▶ What you need to do
Without any of the pictures, print every record below exactly.

----

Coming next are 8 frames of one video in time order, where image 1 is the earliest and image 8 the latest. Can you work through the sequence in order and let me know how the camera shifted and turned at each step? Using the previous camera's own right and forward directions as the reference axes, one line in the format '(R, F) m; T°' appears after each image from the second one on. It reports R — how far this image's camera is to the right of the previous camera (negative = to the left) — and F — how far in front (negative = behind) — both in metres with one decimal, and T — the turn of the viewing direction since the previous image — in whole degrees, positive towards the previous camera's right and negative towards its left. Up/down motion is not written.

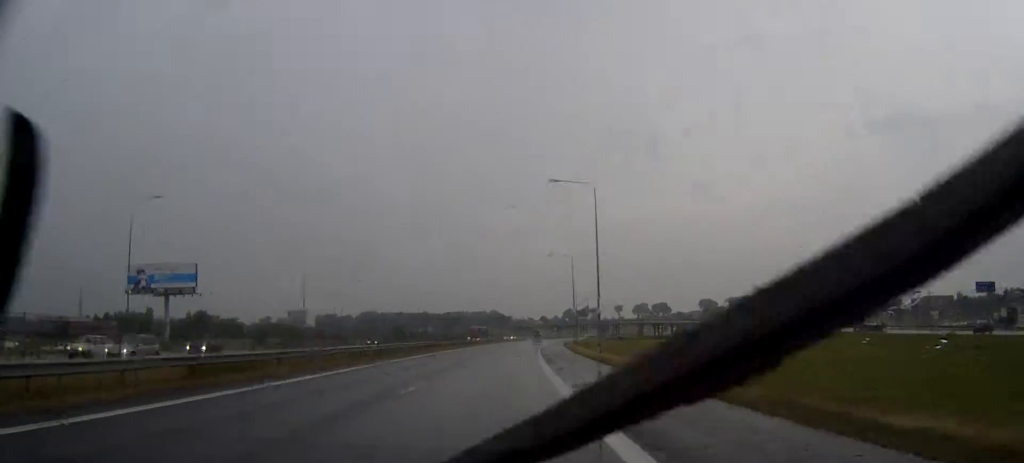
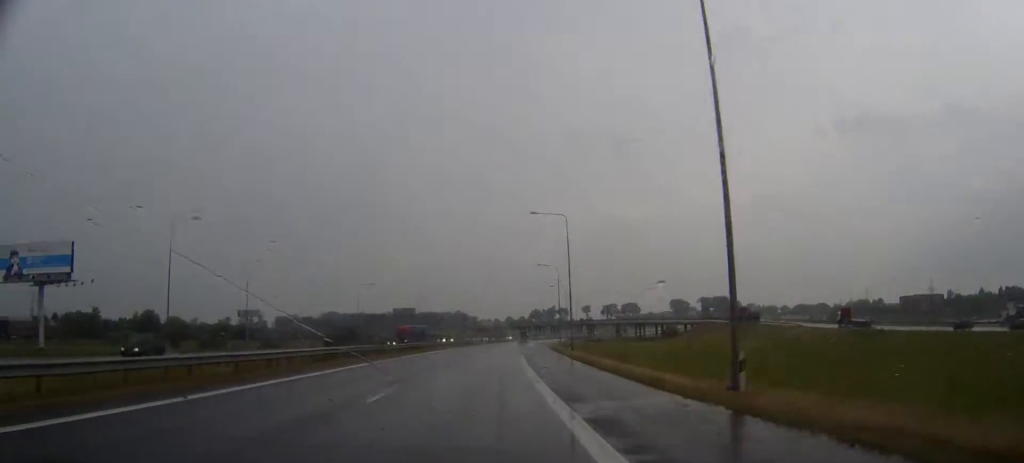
(+0.8, +34.5) m; +2°
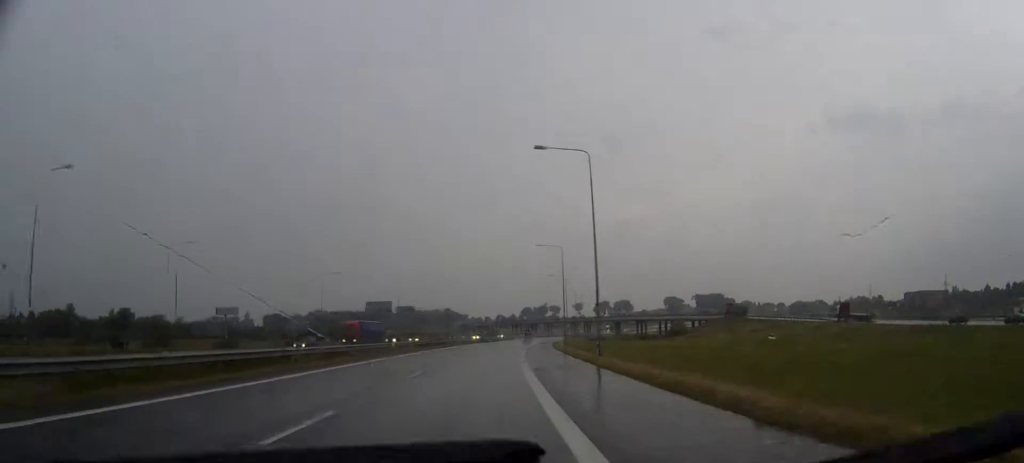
(+0.2, +22.2) m; +1°
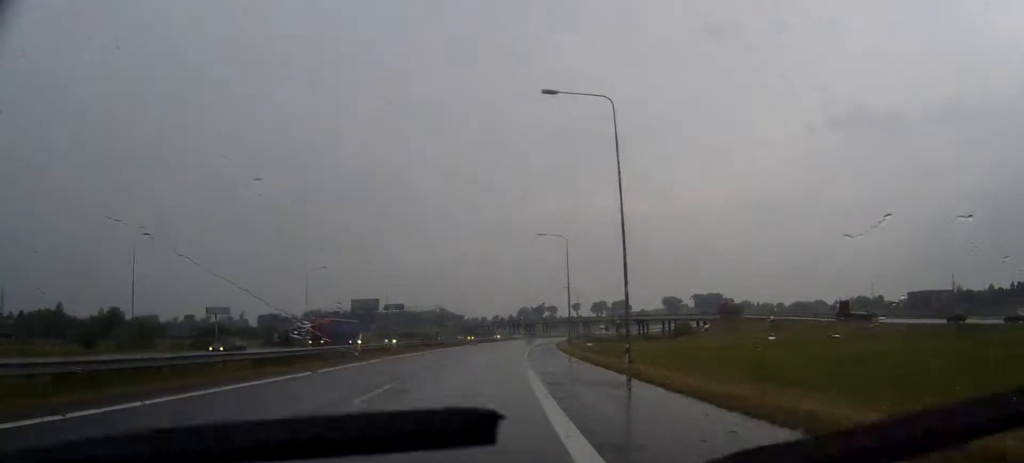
(0.0, +10.5) m; 0°
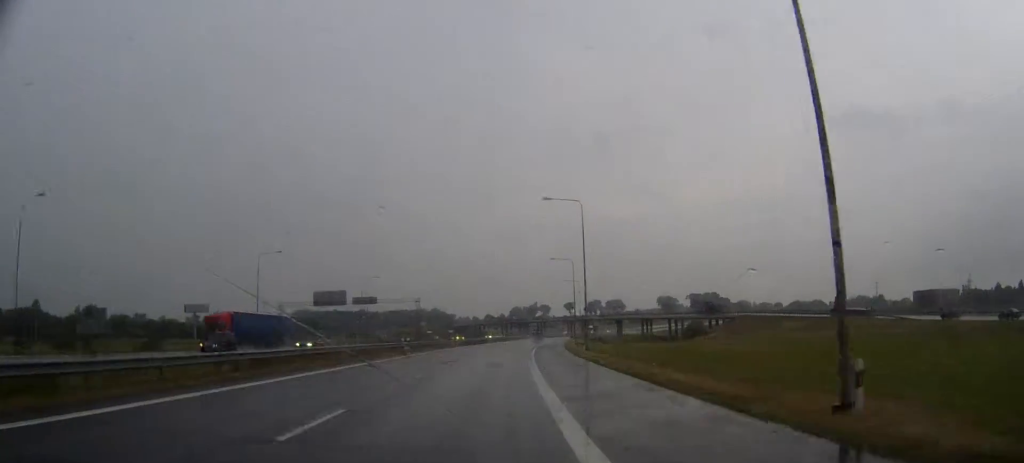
(+0.1, +20.9) m; +1°
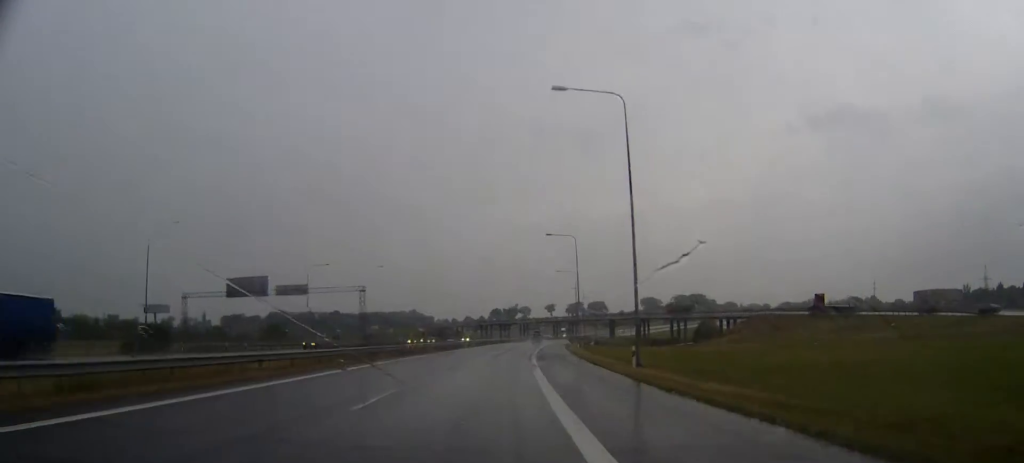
(+0.4, +27.9) m; +2°
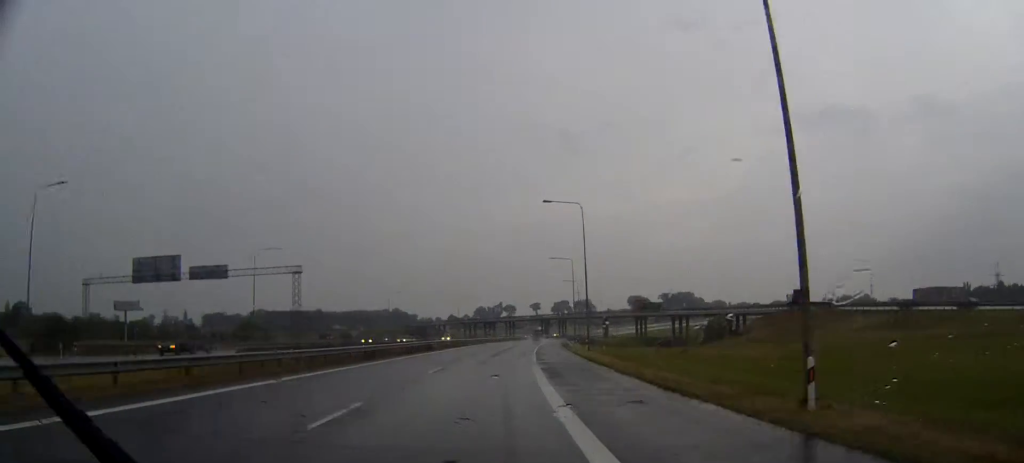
(+0.2, +18.7) m; +1°
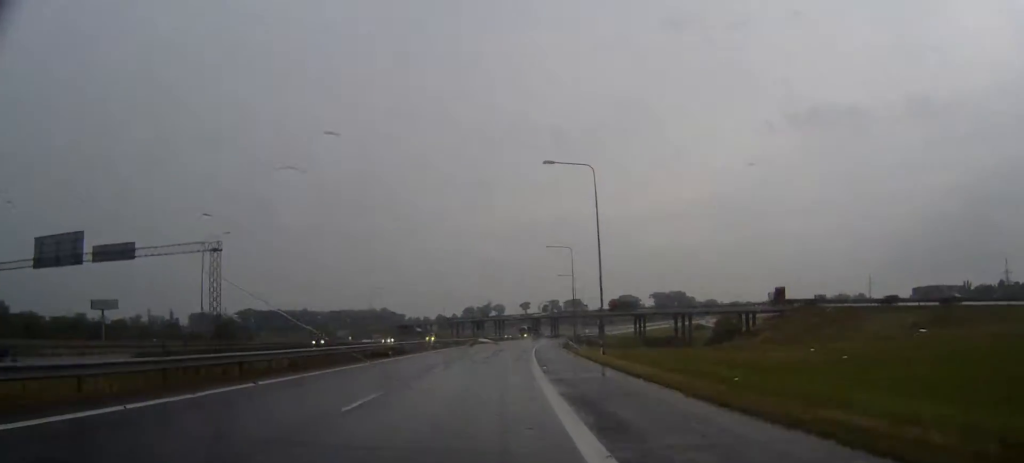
(0.0, +13.8) m; +1°

----

▶ Response to this task
Coming next are 8 frames of one video in time order, where image 1 is the earliest and image 8 the latest. Can you work through the sequence in order and let me know how the camera shifted and turned at each step? Using the previous camera's own right and forward directions as the reference axes, one line in the format '(R, F) m; T°' appears after each image from the second one on. It reports R — how far this image's camera is to the right of the previous camera (negative = to the left) — and F — how far in front (negative = behind) — both in metres with one decimal, and T — the turn of the viewing direction since the previous image — in whole degrees, positive towards the previous camera's right and negative towards its left. Up/down motion is not written.

(+0.8, +34.5) m; +2°
(+0.2, +22.2) m; +1°
(0.0, +10.5) m; 0°
(+0.1, +20.9) m; +1°
(+0.4, +27.9) m; +2°
(+0.2, +18.7) m; +1°
(0.0, +13.8) m; +1°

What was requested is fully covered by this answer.